_YOUR ASSIGNMENT_:
Any pictures in the records below must be left out when you repeat the lines from the line containing "#52990 = EDGE_LOOP" through the line containing "#13862=VERTEX_POINT('',#13861);" exactly.

_RECORDS FOR PROCESSING_:

================================

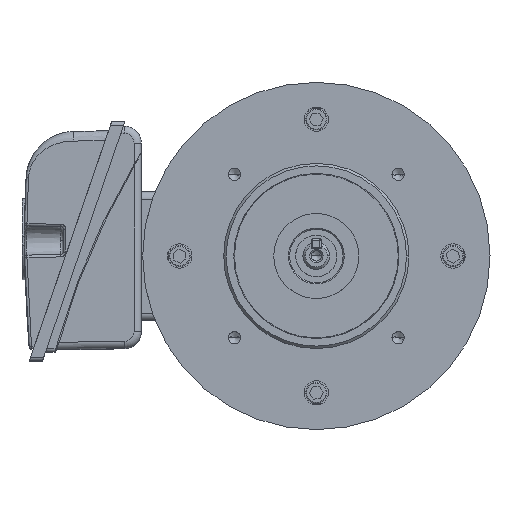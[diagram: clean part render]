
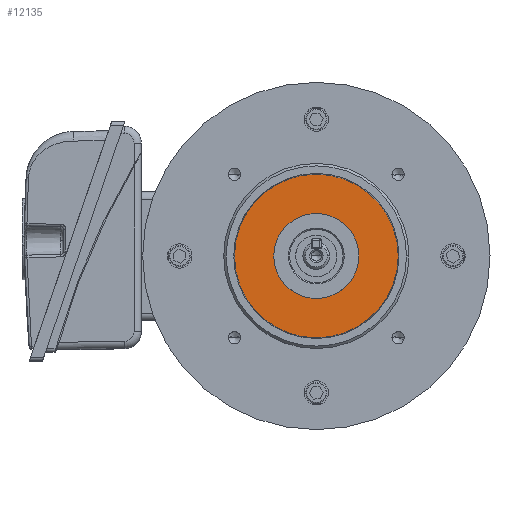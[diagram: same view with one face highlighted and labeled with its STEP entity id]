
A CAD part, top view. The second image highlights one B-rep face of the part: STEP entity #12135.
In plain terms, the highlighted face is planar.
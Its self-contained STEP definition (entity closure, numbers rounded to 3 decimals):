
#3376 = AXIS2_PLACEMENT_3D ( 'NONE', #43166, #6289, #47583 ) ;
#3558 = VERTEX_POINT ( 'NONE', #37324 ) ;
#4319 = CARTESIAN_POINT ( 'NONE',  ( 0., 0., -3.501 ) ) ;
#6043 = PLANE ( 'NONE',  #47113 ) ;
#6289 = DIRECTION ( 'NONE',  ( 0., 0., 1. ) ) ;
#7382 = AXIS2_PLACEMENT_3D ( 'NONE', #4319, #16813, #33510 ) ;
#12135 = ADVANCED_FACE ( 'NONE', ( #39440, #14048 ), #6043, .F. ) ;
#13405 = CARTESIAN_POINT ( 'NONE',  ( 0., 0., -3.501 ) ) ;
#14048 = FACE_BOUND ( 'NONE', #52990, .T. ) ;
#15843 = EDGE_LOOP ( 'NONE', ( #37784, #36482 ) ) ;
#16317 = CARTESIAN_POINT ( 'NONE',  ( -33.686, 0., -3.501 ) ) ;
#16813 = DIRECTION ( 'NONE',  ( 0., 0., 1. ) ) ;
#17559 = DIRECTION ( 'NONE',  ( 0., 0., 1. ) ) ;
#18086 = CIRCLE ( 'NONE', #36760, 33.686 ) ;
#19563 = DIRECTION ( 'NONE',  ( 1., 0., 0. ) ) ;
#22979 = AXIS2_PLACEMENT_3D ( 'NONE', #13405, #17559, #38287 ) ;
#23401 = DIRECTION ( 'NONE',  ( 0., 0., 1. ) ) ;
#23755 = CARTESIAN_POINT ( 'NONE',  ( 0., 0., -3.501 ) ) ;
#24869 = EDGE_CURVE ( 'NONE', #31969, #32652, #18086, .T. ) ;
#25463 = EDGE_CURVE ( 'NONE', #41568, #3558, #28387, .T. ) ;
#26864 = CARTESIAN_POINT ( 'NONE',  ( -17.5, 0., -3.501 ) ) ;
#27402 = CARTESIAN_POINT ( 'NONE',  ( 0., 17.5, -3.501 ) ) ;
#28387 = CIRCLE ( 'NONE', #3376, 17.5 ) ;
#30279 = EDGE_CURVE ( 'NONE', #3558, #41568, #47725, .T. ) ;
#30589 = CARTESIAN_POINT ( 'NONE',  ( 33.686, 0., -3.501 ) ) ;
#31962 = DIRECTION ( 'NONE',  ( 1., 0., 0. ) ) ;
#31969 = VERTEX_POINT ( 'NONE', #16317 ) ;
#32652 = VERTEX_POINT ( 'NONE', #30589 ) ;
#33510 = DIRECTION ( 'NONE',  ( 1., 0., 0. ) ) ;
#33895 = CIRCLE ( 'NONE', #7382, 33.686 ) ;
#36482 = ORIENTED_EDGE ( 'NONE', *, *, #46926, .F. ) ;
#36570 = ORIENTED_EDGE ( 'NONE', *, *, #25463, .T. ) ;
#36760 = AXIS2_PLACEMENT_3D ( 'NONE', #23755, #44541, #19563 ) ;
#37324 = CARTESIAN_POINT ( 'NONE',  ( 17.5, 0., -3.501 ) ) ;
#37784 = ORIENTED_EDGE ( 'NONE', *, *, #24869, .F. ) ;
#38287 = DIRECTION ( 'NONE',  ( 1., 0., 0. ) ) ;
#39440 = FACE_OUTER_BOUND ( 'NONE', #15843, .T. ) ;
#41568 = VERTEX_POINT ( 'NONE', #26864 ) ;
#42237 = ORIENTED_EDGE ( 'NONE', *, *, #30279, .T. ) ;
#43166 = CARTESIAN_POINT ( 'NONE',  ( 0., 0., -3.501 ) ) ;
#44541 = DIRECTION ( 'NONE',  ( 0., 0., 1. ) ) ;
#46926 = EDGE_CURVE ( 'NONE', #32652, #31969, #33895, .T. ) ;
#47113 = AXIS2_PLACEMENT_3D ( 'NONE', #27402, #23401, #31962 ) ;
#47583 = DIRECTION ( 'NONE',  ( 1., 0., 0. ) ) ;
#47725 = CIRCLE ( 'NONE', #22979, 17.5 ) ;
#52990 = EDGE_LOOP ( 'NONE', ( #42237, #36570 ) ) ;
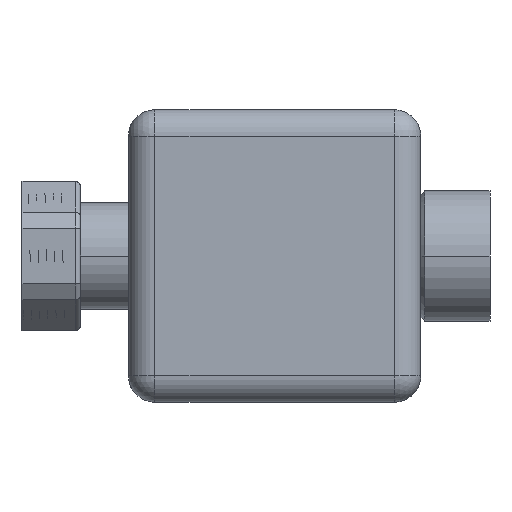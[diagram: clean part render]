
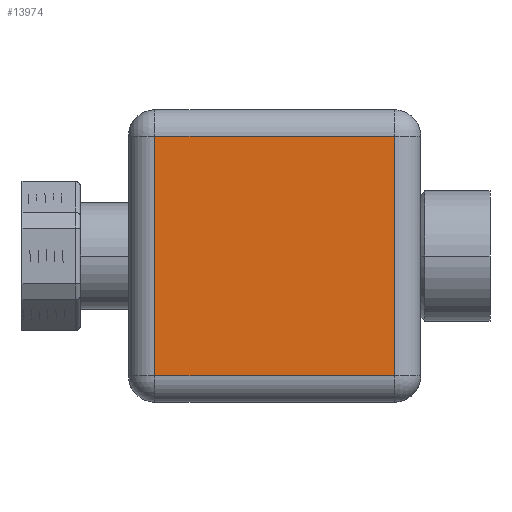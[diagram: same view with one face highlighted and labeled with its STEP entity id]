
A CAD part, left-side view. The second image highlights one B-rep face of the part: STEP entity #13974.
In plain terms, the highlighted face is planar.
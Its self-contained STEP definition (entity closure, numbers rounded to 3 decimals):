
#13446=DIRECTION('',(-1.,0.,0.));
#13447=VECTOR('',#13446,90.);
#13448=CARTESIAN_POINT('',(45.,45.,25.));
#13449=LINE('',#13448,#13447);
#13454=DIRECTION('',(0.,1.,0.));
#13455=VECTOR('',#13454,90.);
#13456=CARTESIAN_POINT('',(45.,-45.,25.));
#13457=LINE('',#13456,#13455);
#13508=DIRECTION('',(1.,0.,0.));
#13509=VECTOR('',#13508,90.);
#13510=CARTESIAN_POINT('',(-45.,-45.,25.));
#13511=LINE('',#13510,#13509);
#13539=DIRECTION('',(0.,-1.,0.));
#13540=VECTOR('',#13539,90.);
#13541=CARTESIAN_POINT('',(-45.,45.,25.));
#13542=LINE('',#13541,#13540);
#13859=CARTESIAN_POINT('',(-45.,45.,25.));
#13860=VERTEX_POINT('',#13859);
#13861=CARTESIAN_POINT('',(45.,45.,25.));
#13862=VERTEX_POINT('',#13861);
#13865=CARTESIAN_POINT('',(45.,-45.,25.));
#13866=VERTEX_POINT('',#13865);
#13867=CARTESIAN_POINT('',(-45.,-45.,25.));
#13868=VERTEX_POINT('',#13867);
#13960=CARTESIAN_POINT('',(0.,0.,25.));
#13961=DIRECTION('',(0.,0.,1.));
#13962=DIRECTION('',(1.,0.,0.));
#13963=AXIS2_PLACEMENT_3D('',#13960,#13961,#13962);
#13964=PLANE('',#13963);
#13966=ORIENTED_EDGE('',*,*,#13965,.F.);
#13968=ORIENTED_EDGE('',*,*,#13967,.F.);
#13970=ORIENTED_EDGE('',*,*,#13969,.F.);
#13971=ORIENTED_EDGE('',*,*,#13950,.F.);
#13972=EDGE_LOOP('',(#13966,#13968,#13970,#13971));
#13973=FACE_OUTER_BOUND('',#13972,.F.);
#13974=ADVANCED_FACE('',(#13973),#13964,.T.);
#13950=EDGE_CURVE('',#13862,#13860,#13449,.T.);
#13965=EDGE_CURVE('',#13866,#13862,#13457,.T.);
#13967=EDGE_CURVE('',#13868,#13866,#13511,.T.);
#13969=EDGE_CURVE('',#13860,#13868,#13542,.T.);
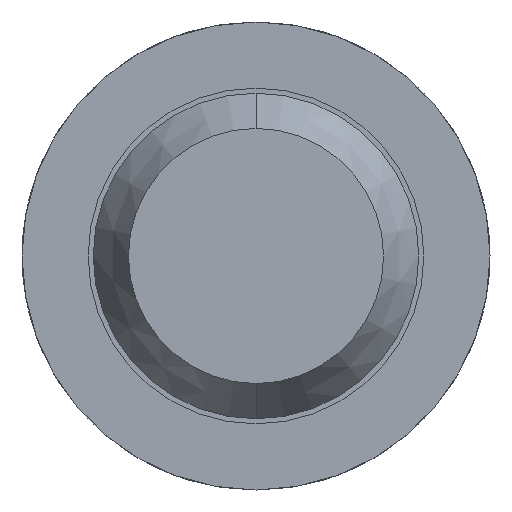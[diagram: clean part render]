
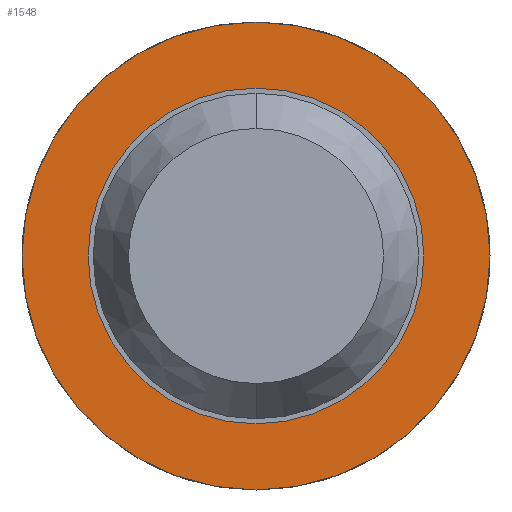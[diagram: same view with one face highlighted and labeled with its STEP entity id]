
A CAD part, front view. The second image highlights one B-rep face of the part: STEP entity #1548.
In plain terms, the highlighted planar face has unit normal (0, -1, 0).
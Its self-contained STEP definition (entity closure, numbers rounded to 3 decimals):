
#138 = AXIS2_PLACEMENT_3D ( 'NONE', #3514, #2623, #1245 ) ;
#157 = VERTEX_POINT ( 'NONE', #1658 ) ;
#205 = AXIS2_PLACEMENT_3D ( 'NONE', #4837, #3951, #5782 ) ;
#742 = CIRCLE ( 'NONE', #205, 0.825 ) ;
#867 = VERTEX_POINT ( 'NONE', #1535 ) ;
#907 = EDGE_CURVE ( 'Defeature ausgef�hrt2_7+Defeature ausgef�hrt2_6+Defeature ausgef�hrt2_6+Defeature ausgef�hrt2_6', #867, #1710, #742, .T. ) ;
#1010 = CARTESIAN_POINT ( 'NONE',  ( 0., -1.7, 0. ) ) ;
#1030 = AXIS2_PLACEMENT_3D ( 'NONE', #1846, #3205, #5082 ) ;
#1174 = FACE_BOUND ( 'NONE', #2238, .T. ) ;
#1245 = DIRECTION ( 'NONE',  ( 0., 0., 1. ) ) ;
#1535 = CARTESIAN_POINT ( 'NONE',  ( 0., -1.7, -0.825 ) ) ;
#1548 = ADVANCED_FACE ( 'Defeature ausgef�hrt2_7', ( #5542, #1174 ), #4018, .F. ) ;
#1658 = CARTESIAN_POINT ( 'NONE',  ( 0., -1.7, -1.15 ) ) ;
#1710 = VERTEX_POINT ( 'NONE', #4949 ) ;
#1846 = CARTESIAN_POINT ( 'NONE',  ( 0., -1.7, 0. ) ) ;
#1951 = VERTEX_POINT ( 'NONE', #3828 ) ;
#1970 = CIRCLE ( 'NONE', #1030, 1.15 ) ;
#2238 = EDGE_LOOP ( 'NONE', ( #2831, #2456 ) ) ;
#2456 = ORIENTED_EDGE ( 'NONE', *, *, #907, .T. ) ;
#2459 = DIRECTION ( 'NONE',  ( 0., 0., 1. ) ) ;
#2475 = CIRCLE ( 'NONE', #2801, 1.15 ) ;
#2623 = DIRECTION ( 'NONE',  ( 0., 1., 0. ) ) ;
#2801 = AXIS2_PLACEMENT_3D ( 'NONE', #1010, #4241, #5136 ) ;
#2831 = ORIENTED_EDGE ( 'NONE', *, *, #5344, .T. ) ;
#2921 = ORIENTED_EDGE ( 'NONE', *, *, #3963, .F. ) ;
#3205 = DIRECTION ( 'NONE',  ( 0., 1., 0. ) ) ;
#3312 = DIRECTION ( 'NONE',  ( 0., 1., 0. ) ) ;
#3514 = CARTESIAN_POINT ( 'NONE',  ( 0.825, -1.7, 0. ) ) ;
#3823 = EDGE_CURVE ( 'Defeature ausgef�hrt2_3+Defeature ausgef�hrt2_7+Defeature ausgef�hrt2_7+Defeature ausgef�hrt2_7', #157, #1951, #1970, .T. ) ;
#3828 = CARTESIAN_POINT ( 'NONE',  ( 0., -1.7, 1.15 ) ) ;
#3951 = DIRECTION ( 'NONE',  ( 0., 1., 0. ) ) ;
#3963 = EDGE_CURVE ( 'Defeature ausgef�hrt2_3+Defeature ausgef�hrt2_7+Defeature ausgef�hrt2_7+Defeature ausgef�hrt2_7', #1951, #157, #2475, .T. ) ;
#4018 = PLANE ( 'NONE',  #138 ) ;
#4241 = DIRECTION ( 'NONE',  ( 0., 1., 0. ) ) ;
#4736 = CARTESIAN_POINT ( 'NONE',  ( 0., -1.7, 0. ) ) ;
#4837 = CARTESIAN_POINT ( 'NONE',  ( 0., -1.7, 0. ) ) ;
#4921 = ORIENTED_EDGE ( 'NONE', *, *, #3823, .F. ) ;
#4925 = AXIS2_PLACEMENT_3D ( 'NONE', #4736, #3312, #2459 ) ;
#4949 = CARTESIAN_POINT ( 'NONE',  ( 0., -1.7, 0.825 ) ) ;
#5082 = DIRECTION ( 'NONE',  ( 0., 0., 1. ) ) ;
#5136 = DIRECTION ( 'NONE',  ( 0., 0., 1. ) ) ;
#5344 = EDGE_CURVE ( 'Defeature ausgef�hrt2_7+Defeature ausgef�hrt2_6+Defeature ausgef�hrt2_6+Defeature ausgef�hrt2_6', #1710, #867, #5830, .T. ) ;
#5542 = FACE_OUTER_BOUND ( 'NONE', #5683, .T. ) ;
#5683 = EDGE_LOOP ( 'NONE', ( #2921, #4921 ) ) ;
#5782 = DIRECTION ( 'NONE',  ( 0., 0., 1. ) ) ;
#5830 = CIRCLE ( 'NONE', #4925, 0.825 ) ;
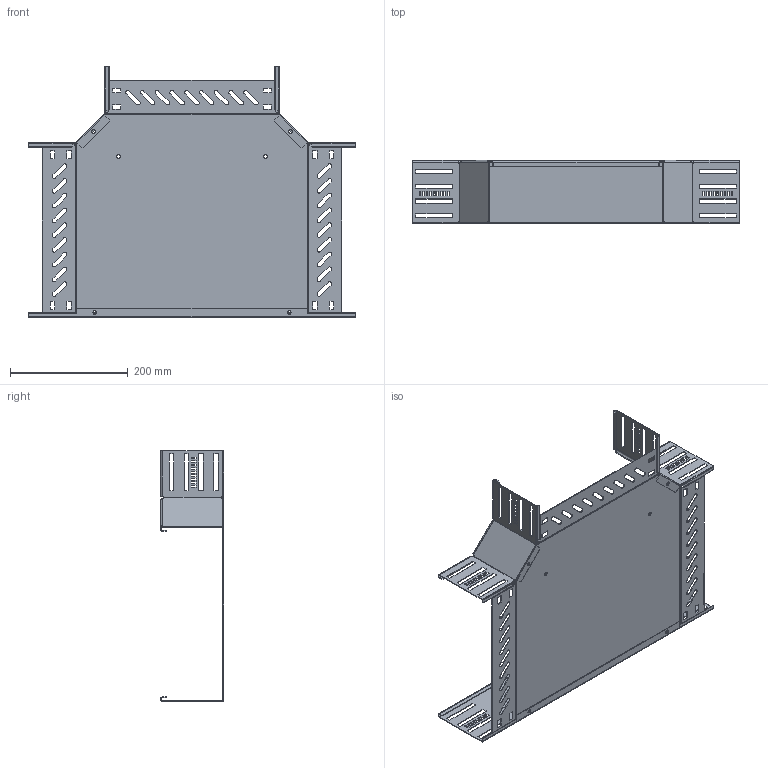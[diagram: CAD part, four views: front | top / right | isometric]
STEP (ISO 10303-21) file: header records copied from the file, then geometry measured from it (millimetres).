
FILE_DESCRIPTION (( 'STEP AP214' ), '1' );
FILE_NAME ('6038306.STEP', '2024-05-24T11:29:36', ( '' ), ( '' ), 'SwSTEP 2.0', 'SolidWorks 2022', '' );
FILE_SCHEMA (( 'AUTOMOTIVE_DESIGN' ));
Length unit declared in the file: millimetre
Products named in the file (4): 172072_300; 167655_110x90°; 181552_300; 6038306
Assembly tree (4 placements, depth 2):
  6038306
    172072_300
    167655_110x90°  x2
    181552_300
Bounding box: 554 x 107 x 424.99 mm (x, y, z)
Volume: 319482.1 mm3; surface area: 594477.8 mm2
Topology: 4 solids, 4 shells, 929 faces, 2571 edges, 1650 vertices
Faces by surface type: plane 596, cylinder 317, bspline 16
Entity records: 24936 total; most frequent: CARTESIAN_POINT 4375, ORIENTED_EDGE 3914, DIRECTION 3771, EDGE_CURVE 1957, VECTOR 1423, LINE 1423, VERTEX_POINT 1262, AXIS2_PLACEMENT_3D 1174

================================

_RESPONSE TO THIS TASK_:
#52990 = EDGE_LOOP ( 'NONE', ( #42237, #36570 ) ) ;
[diagram: clean part render]
[diagram: same view with one face highlighted and labeled with its STEP entity id]
A CAD part, left-side view. The second image highlights one B-rep face of the part: STEP entity #13974.
In plain terms, the highlighted face is planar.
Its self-contained STEP definition (entity closure, numbers rounded to 3 decimals):
#13446=DIRECTION('',(-1.,0.,0.));
#13447=VECTOR('',#13446,90.);
#13448=CARTESIAN_POINT('',(45.,45.,25.));
#13449=LINE('',#13448,#13447);
#13454=DIRECTION('',(0.,1.,0.));
#13455=VECTOR('',#13454,90.);
#13456=CARTESIAN_POINT('',(45.,-45.,25.));
#13457=LINE('',#13456,#13455);
#13508=DIRECTION('',(1.,0.,0.));
#13509=VECTOR('',#13508,90.);
#13510=CARTESIAN_POINT('',(-45.,-45.,25.));
#13511=LINE('',#13510,#13509);
#13539=DIRECTION('',(0.,-1.,0.));
#13540=VECTOR('',#13539,90.);
#13541=CARTESIAN_POINT('',(-45.,45.,25.));
#13542=LINE('',#13541,#13540);
#13859=CARTESIAN_POINT('',(-45.,45.,25.));
#13860=VERTEX_POINT('',#13859);
#13861=CARTESIAN_POINT('',(45.,45.,25.));
#13862=VERTEX_POINT('',#13861);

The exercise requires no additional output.